Can't help you there but I need to dig out the piece of the spalted black walnut I have and cut you a piece off and send to you. It's spalt and it's BW and it's not supposed to happen.


----------



## Mike1950 (Oct 1, 2012)

Cherry that I have that is spalted- is more orange?? No black seems to go to rot side quick.


----------



## phinds (Oct 1, 2012)

Kevin said:


> Can't help you there but I need to dig out the piece of the spalted black walnut I have and cut you a piece off and send to you. It's spalt and it's BW and it's not supposed to happen.



That would be neat, Kev, that IS a rarity !


----------



## phinds (Oct 1, 2012)

Joe Rebuild said:


> Kevin said:
> 
> 
> > Can't help you there but I need to dig out the piece of the spalted black walnut I have and cut you a piece off and send to you. It's spalt and it's BW and it's not supposed to happen.
> ...



If you ever happen to get any pics of that, I'd love to get them onto my site.


----------



## davduckman2010 (Oct 1, 2012)

blackline cherry ?


----------



## davduckman2010 (Oct 1, 2012)

blackline cherry ?


----------



## davduckman2010 (Oct 1, 2012)

blackline cherry ?


----------



## davduckman2010 (Oct 1, 2012)

blackline cherry ?


----------



## phinds (Oct 2, 2012)

davduckman2010 said:


> blackline cherry ?



Very cool. Thanks.


----------



## Mizer (Oct 2, 2012)

Dave just proved it. When I was sawing for the big mill and we were sawing cherry a blackline log like that would come up every now and then. Of course the lumber grader would cull it out and it would end up as pallet cut stock.


----------



## Mizer (Oct 2, 2012)

Kevin said:


> Can't help you there but I need to dig out the piece of the spalted black walnut I have and cut you a piece off and send to you. It's spalt and it's BW and it's not supposed to happen.

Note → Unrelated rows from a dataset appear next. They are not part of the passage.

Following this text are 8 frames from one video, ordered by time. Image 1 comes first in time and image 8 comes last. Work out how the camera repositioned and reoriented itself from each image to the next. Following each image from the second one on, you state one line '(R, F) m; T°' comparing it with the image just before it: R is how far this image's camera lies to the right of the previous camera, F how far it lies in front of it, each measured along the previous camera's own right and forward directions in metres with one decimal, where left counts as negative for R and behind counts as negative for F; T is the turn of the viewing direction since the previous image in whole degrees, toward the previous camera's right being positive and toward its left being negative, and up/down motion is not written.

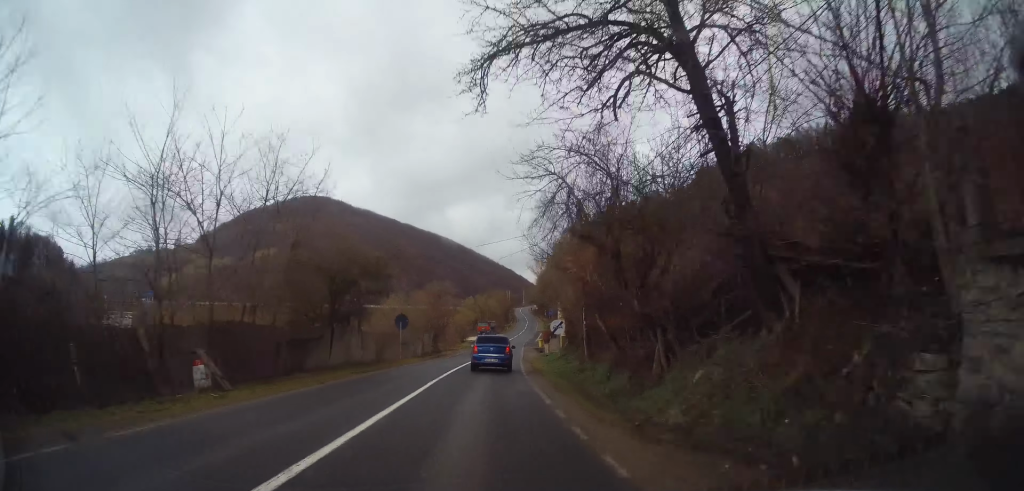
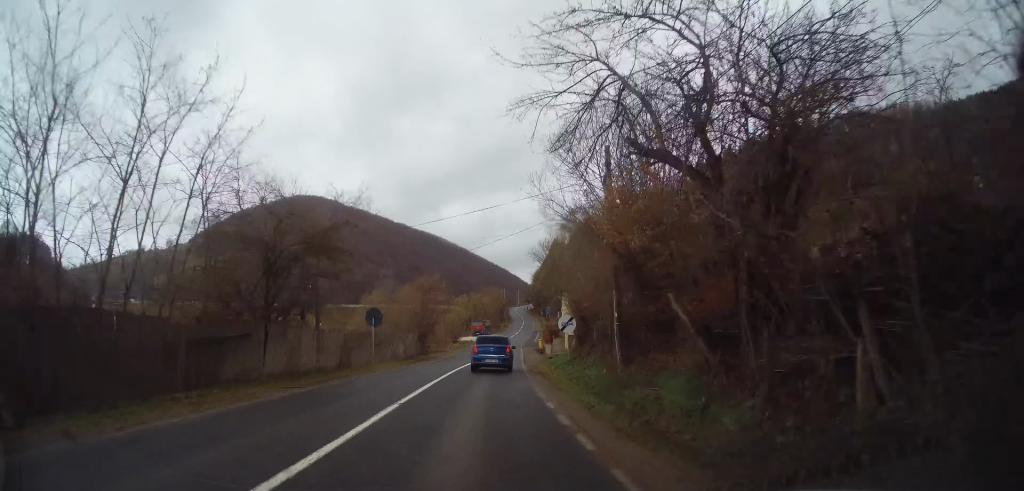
(+0.1, +6.7) m; +1°
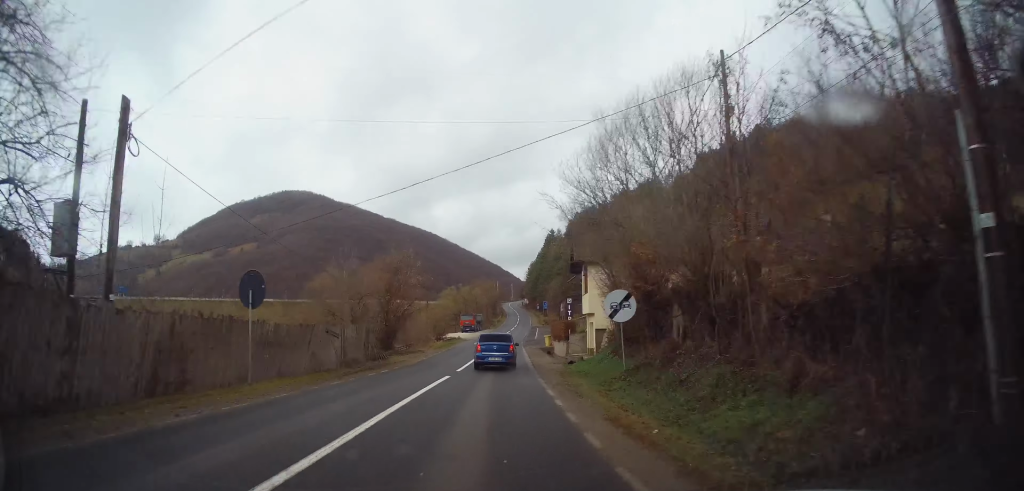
(+0.2, +13.8) m; +2°
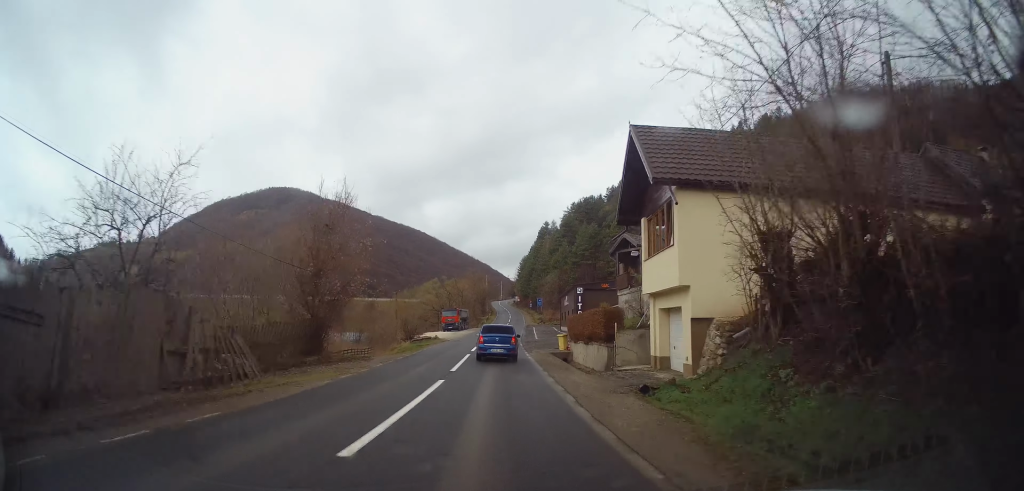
(+0.2, +15.3) m; +1°
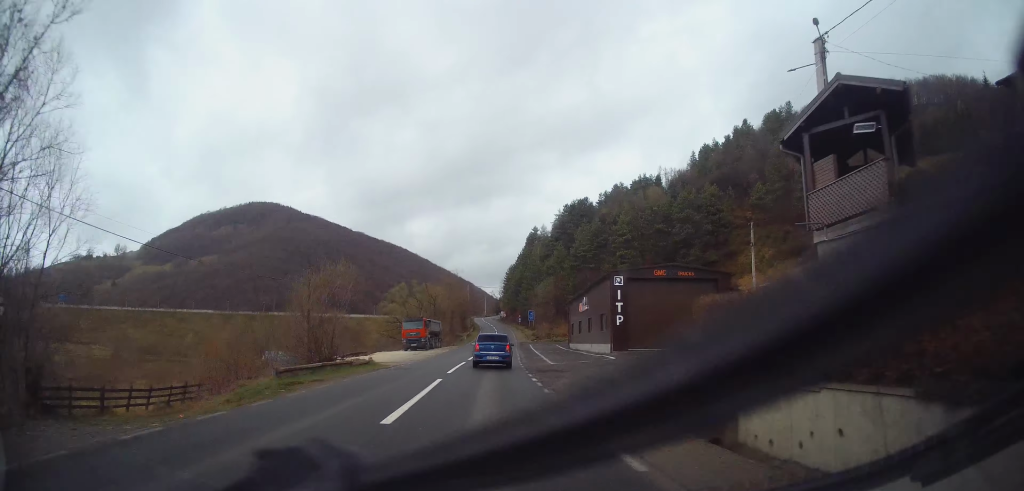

I seem to remember that you had some spalted walnut. I have had a little of it but it has always been spongey. If I am right in remembering the stuff you have is good and sound.


----------



## Kevin (Oct 2, 2012)

Mizer said:


> Kevin said:
> 
> 
> > Can't help you there but I need to dig out the piece of the spalted black walnut I have and cut you a piece off and send to you. It's spalt and it's BW and it's not supposed to happen.
> ...



Yes it's an anomaly. It's also buried somewhere lol. I'll find it but milling mostly today. been having sneezing attacks all morning so much can't hardly mill for long. :cray:


----------



## gvwp (Oct 2, 2012)

When I hear of blacklines in Cherry I think of more of a mineral black line stripe rather than spalt. I cut a Cherry log a couple years ago that was full of this black line. Sorry to say I don't have any pictures but I do remember it being a very beautiful wood but a lot of it was unstable. I did get a few boards that I was able to dry and were useable. I've seen lesser degrees of the black line in Cherry logs since but nothing near as heavy as the original.


----------